PARIGI MOUTONG- Tindakan Kapolsek Tinombo, IPTU I Kadek Putra Trisnawa, SH, yang membongkar tempat produksi minuman keras tradisional jenis Cap Tikus di lima lokasi di Desa Sintuvu Raya, Jumat (7/2/2025), menuai reaksi keras dari masyarakat.
Alih-alih mendapat apresiasi, langkah kepolisian ini justru dihujani kritik tajam dari warganet yang menilai tindakan tersebut merugikan petani lokal.
Di media sosial, unggahan terkait pembongkaran ini memicu perdebatan panas.
Sejumlah warganet mengecam tindakan tersebut dengan alasan bahwa produksi Cap Tikus merupakan mata pencarian utama bagi banyak keluarga di wilayah tersebut.
“Polsek harus bijak! Yang melanggar itu pemabuk yang bikin onar, bukan petani yang mencari nafkah. Mabuk tidak dilarang selama tidak mengganggu orang lain. Polisi jangan hanya terpaku pada aturan tanpa melihat dampaknya!” tulis seorang pengguna Facebook.
Beberapa warganet bahkan menyoroti ketimpangan dalam penegakan hukum, membandingkan dengan tambang emas ilegal yang diduga dibiarkan beroperasi.
“Tambang ilegal di pantai timur sampai Moutong merusak alam, tapi dibiarkan. Kenapa yang hanya mencari sesuap nasi dihantam habis-habisan?” tanya seorang warga dalam kolom komentar.
Sejumlah komentar lain juga mengingatkan bahwa banyak keluarga yang menggantungkan hidup dari produksi Cap Tikus.
“Ada anak yang bisa sekolah sampai perguruan tinggi karena orang tuanya petani Cap Tikus. Ada juga polisi yang mungkin bisa jadi aparat karena hasil dari usaha ini. Jangan hanya bongkar, beri solusi!” tulis seorang warganet yang turut menyebut Presiden Prabowo Subianto dan Wakil Presiden Gibran Rakabuming Raka dalam komentarnya.
Kapolsek Tinombo, IPTU I Kadek Putra Trisnawa, SH, sebelumnya kepada wartawan menegaskan bahwa operasi pembongkaran dilakukan sebagai bagian dari upaya menjaga keamanan dan ketertiban, terutama menjelang bulan suci Ramadhan.

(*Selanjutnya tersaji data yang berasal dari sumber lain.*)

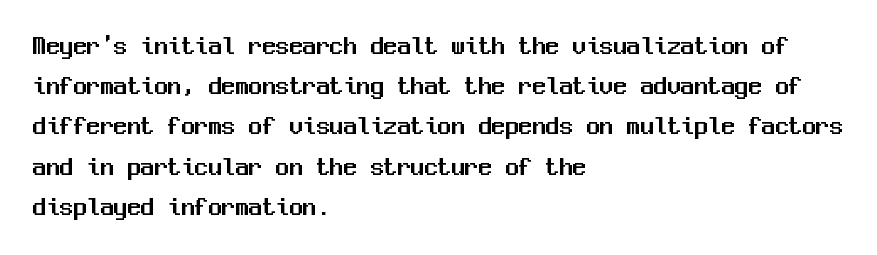
{"italic": "no", "underline": "no", "align": "left", "line_spacing": "normal", "line_spacing_ratio": 1.49, "letter_spacing": "normal", "letter_spacing_em": 0.0, "glyph_px": 27}
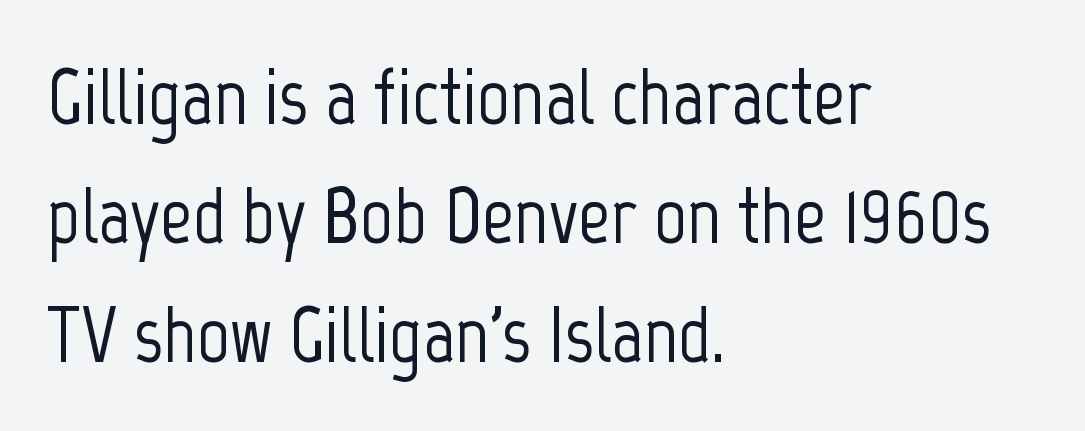
{"serif": "no", "italic": "no", "width": "condensed", "stroke_contrast": "low", "x_height": "medium", "monospaced": "no", "underline": "no", "align": "left", "line_spacing": "normal", "line_spacing_ratio": 1.49, "letter_spacing": "normal", "letter_spacing_em": 0.0, "glyph_px": 80}
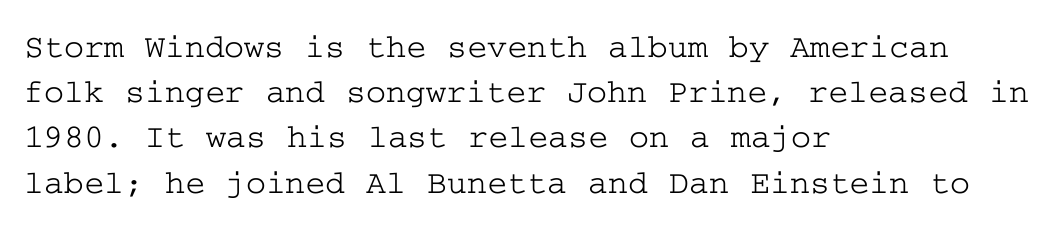
Q: Is the text italic (slanted)? A: No, it is upright.
Q: Is the typeface a serif or a sans-serif typeface? A: Serif.
Q: Is the text underlined? A: No.
Q: How is the paragraph aligned? A: Left-aligned.
Q: Is the spacing between letters normal or unusually wide? A: Normal.
Q: Is the spacing between lines tight, normal or loose? A: Normal.
Q: Width (condensed, normal, or wide)? A: Wide.
Q: Stroke contrast? A: Low.
Q: x-height? A: Medium.
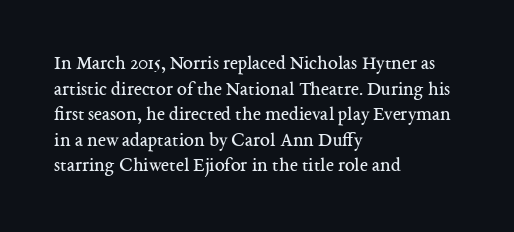
Q: Is the text bold? A: No.
Q: Is the text italic (slanted)? A: No, it is upright.
Q: Is the text underlined? A: No.
Q: How is the paragraph aligned? A: Left-aligned.
Q: Is the spacing between letters normal or unusually wide? A: Normal.
Q: Is the spacing between lines tight, normal or loose? A: Normal.
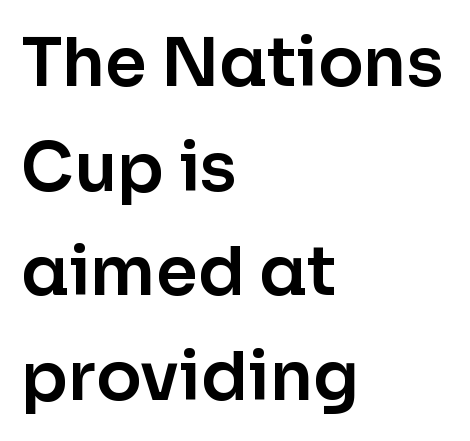
{"serif": "no", "italic": "no", "width": "normal", "stroke_contrast": "low", "x_height": "medium", "monospaced": "no", "underline": "no", "align": "left", "line_spacing": "normal", "line_spacing_ratio": 1.56, "letter_spacing": "normal", "letter_spacing_em": 0.0, "glyph_px": 67}

“Kami melakukan penindakan ini untuk menciptakan lingkungan yang kondusif, mengingat minuman keras sering menjadi pemicu gangguan keamanan. Ini bukan sekadar penegakan hukum, tetapi juga demi kepentingan masyarakat,” ujar Kapolsek.
Selain membongkar tempat produksi, pihak kepolisian juga menyita peralatan penyulingan dan hasil olahan Cap Tikus.

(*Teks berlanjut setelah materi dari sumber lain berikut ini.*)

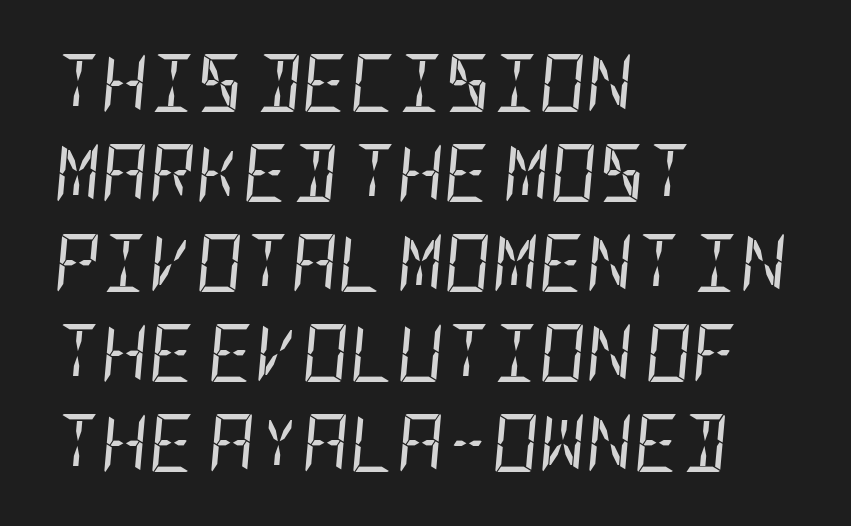
The rendering keeps characters at their native spacing. The lettering tilts uniformly, giving the passage an italic look. Check under the words: just untouched page. The lines are quadded left.

Meski sebagian masyarakat memahami niat kepolisian, mereka meminta agar pemerintah dan aparat memberikan solusi konkret bagi para petani aren.
“Kami tidak menolak aturan, tapi kami butuh solusi. Jika produksi Cap Tikus dilarang, apakah ada bantuan atau pelatihan untuk mengolah nira menjadi produk lain seperti gula merah?” ujar seorang warga.
Sebagian masyarakat juga mendukung tindakan tegas kepolisian terhadap peredaran narkoba, yang dinilai jauh lebih merusak dibandingkan minuman keras tradisional.
“Kami berharap kepolisian juga fokus memberantas pengedar narkoba di Tinombo. Banyak yang menjadi pencuri dan perusak masa depan karena narkoba. Kami siap mendukung!” kata seorang warga yang turut mengomentari unggahan Polsek Tinombo.
Kasus ini kembali menyoroti dilema antara penegakan hukum dan realitas ekonomi masyarakat. Sementara pihak kepolisian bertindak sesuai regulasi, banyak warga merasa tindakan tersebut terlalu keras dan tanpa solusi.
Kini, bola panas ada di tangan pemerintah daerah dan aparat penegak hukum.
Apakah akan ada solusi alternatif bagi petani Cap Tikus? Atau apakah penegakan hukum akan terus dilakukan tanpa kompromi?
Yang jelas, suara masyarakat telah menggema di ruang publik, menuntut keadilan dan kebijakan yang lebih bijaksana.